→ **Material supplied**:
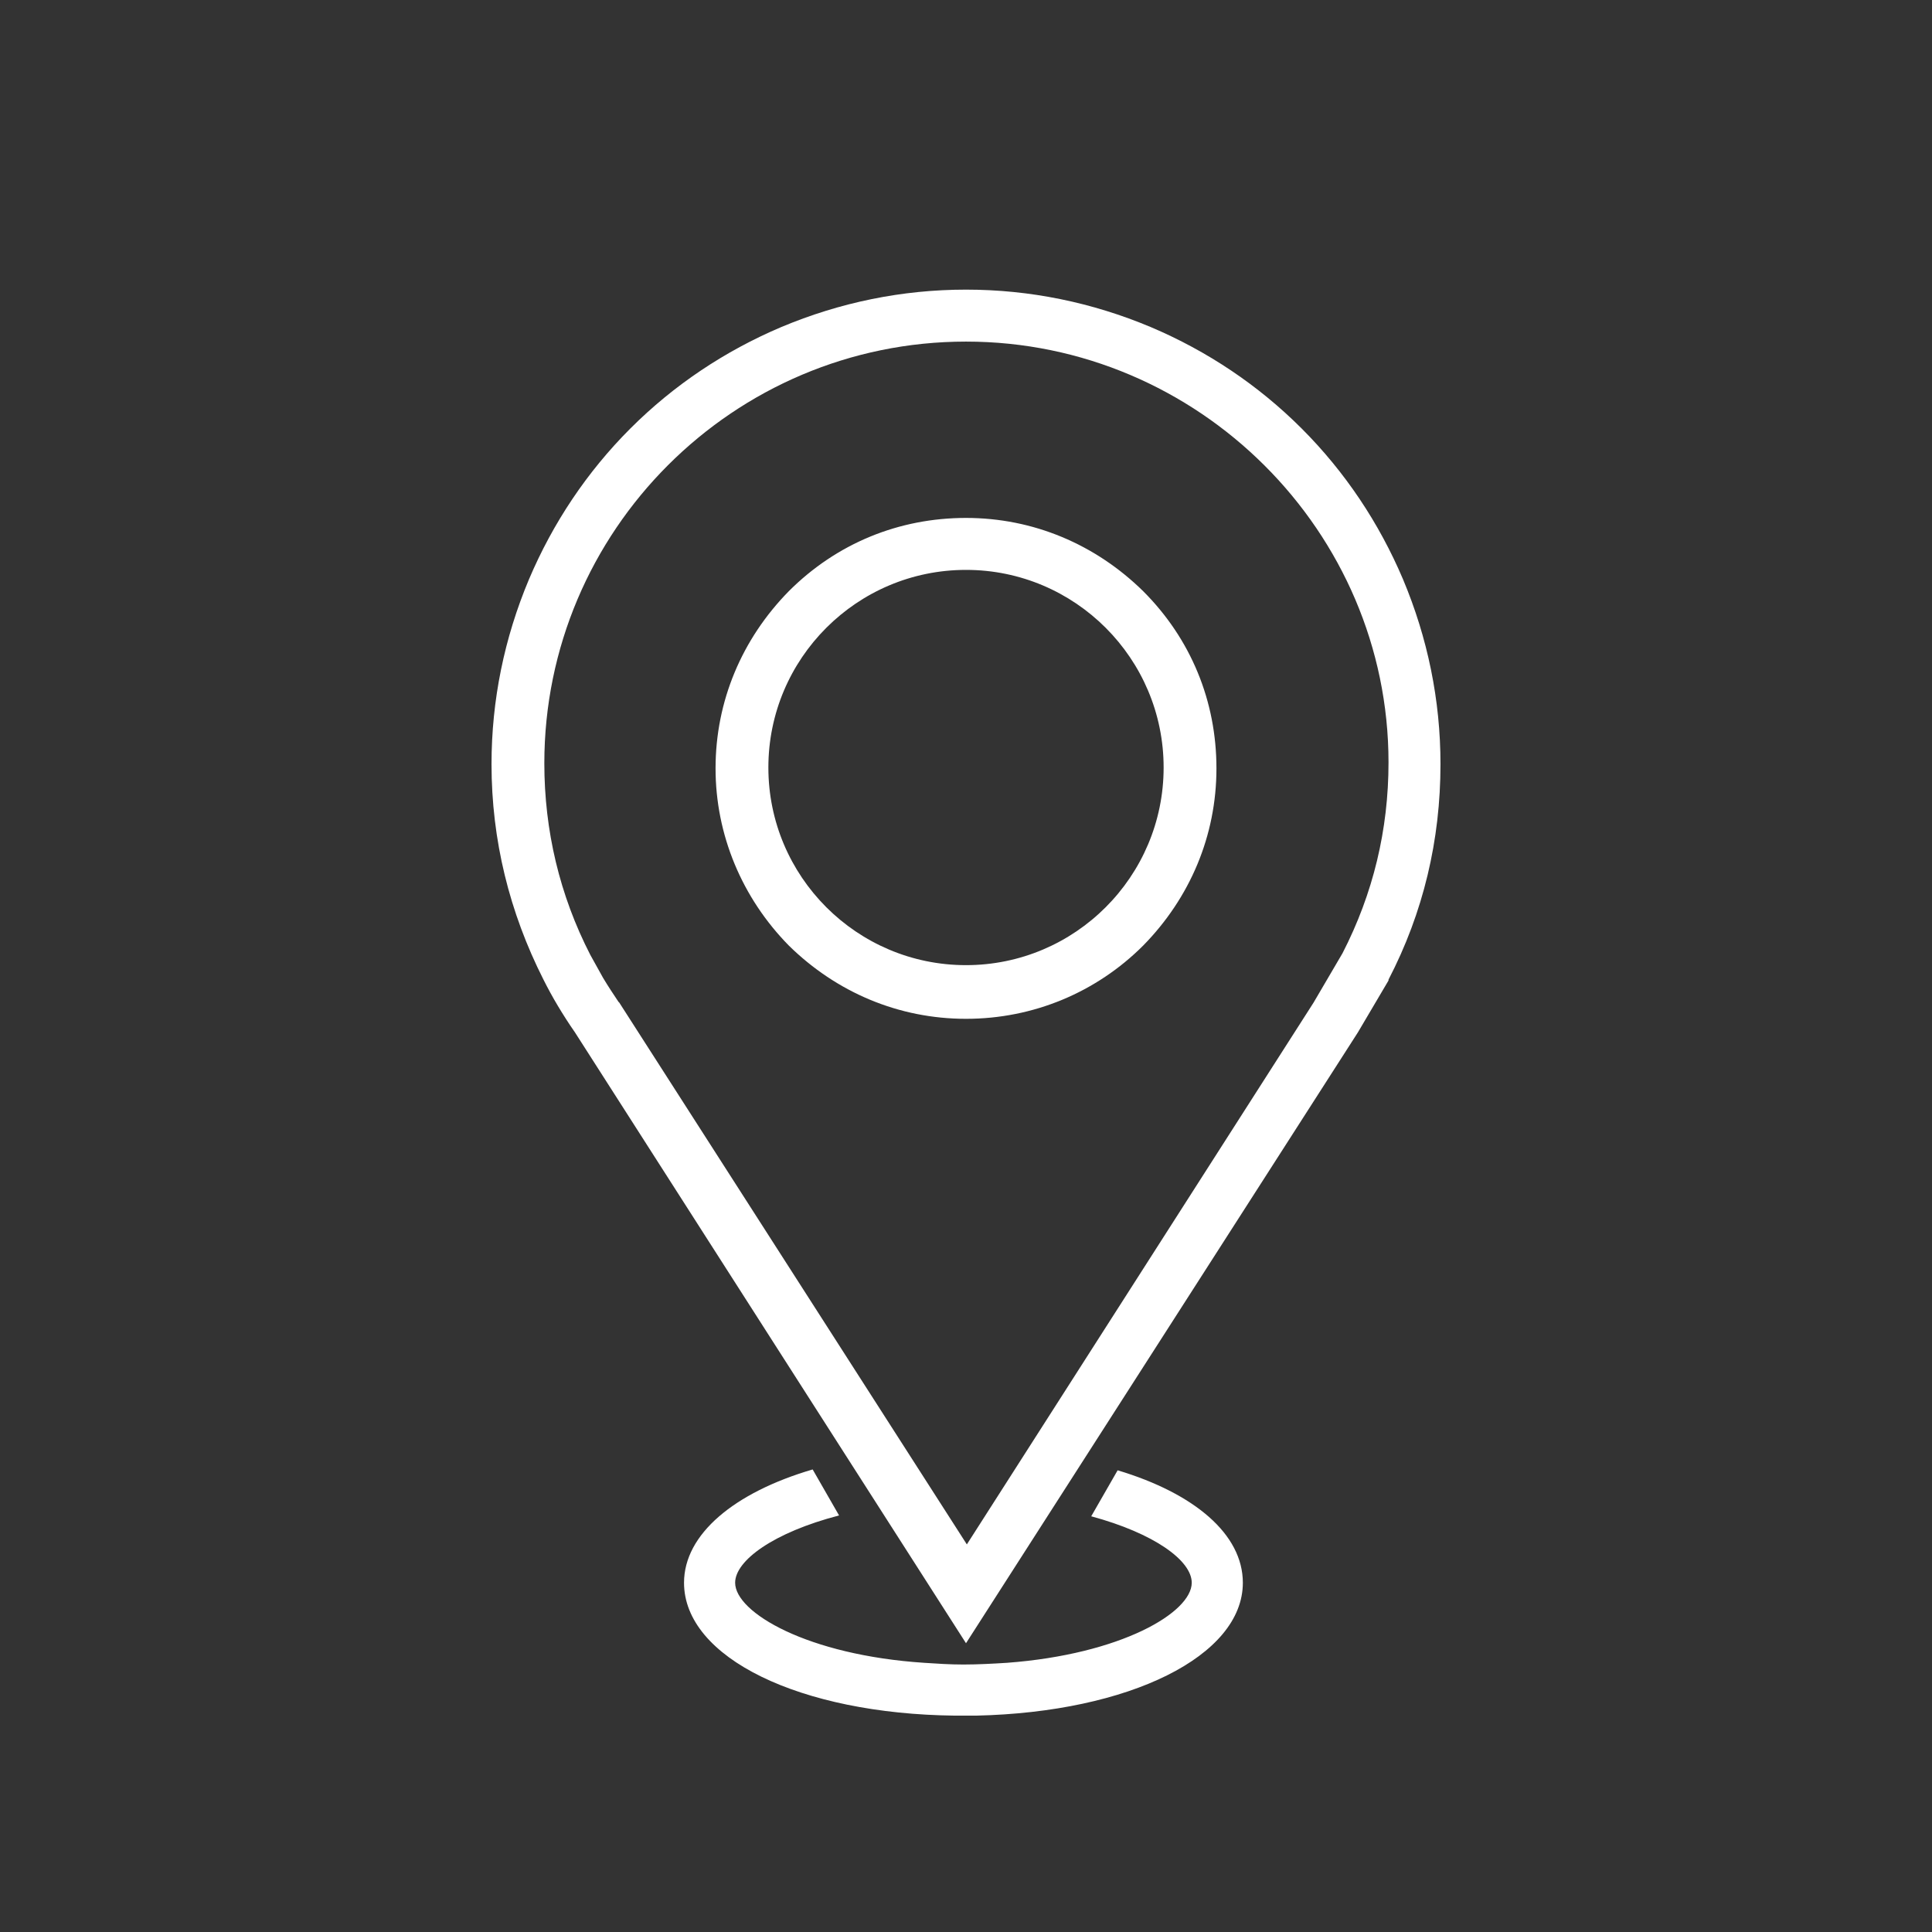 <?xml version="1.0" encoding="utf-8"?>
<!-- Generator: Adobe Illustrator 27.0.0, SVG Export Plug-In . SVG Version: 6.00 Build 0)  -->
<svg version="1.1" xmlns="http://www.w3.org/2000/svg" xmlns:xlink="http://www.w3.org/1999/xlink" x="0px" y="0px"
	 viewBox="0 0 226.8 226.8" style="enable-background:new 0 0 226.8 226.8;" xml:space="preserve">
<rect x="0" y="0" width="226.8" height="226.8" fill="#333333" stroke="none"/>
<style type="text/css">
	.st0{fill:#FFFFFF;}
	.st1{fill:#A50E2D;}
	.st2{fill:none;stroke:#FFFFFF;stroke-width:6.469;stroke-linejoin:round;stroke-miterlimit:10;}
</style>
<g id="Layer_1">
</g>
<g id="Layer_2">
</g>
<g id="_x2014_ÎÓÈ_x5F_1">
	<g>
		<g>
			<g>
				<g>
					<g>
						<path class="st0" d="M113.4,192.9l-45.9-71.7c-0.7-1-1.4-2.1-2-3.1c-0.6-1-1.2-2.1-1.7-3.1c-4-7.9-6.1-16.4-6.1-25.3
							c0-7.5,1.5-14.8,4.4-21.7c2.8-6.6,6.8-12.6,11.9-17.7c5.1-5.1,11.1-9.1,17.7-11.9c6.9-2.9,14.2-4.4,21.7-4.4
							c7.5,0,14.8,1.5,21.7,4.4c6.6,2.8,12.6,6.8,17.7,11.9c5.1,5.1,9.1,11.1,11.9,17.7c2.9,6.9,4.4,14.2,4.4,21.7
							c0,8.9-2,17.4-6.1,25.3l0,0.1l-3.6,6.1L113.4,192.9z M113.4,40.1c-27.3,0-49.5,22.2-49.5,49.5c0,7.9,1.8,15.5,5.4,22.5
							c0.5,0.9,1,1.8,1.5,2.7c0.6,1,1.2,1.9,1.8,2.8l0.1,0.1l40.8,63.6l40.7-63.6l3.4-5.8c3.6-7,5.4-14.5,5.4-22.4
							C163,62.4,140.7,40.1,113.4,40.1z M113.4,119.6c-7.9,0-15.2-3.1-20.8-8.6C87.1,105.4,84,98,84,90.2c0-7.9,3.1-15.2,8.6-20.8
							c5.6-5.6,12.9-8.6,20.8-8.6c7.9,0,15.2,3.1,20.8,8.6c5.6,5.6,8.6,12.9,8.6,20.8c0,7.9-3.1,15.2-8.6,20.8
							C128.7,116.5,121.3,119.6,113.4,119.6z M113.4,66.9c-12.8,0-23.2,10.4-23.2,23.2s10.4,23.2,23.2,23.2
							c12.8,0,23.2-10.4,23.2-23.2S126.2,66.9,113.4,66.9z"/>
					</g>
				</g>
			</g>
		</g>
		<path class="st0" d="M131.2,172.6l-3.1,5.4c7.4,2,11.8,5.2,11.8,7.8c0,3.5-8.3,8.4-21.7,9.4c-1.6,0.1-3.4,0.2-5.1,0.2
			c-1.6,0-3.1-0.1-4.6-0.2c-13.7-0.9-22.2-5.9-22.2-9.4c0-2.6,4.5-5.9,12.2-7.9l-3.1-5.4c-9.2,2.7-15.1,7.6-15.1,13.3
			c0,8.8,13.6,15.4,31.8,15.6c0.3,0,0.7,0,1,0c0.5,0,1,0,1.5,0c18-0.4,31.3-7,31.3-15.6C145.9,180.1,140.2,175.3,131.2,172.6z"/>
	</g>
</g>
<g id="Isolation_Mode">
</g>
<g id="Icons">
</g>
</svg>

→ **Task description**:
Which lines of the data above contain "style"? Copy each one.

→ **Result of the exercise**:
	 viewBox="0 0 226.8 226.8" style="enable-background:new 0 0 226.8 226.8;" xml:space="preserve">
<style type="text/css">
</style>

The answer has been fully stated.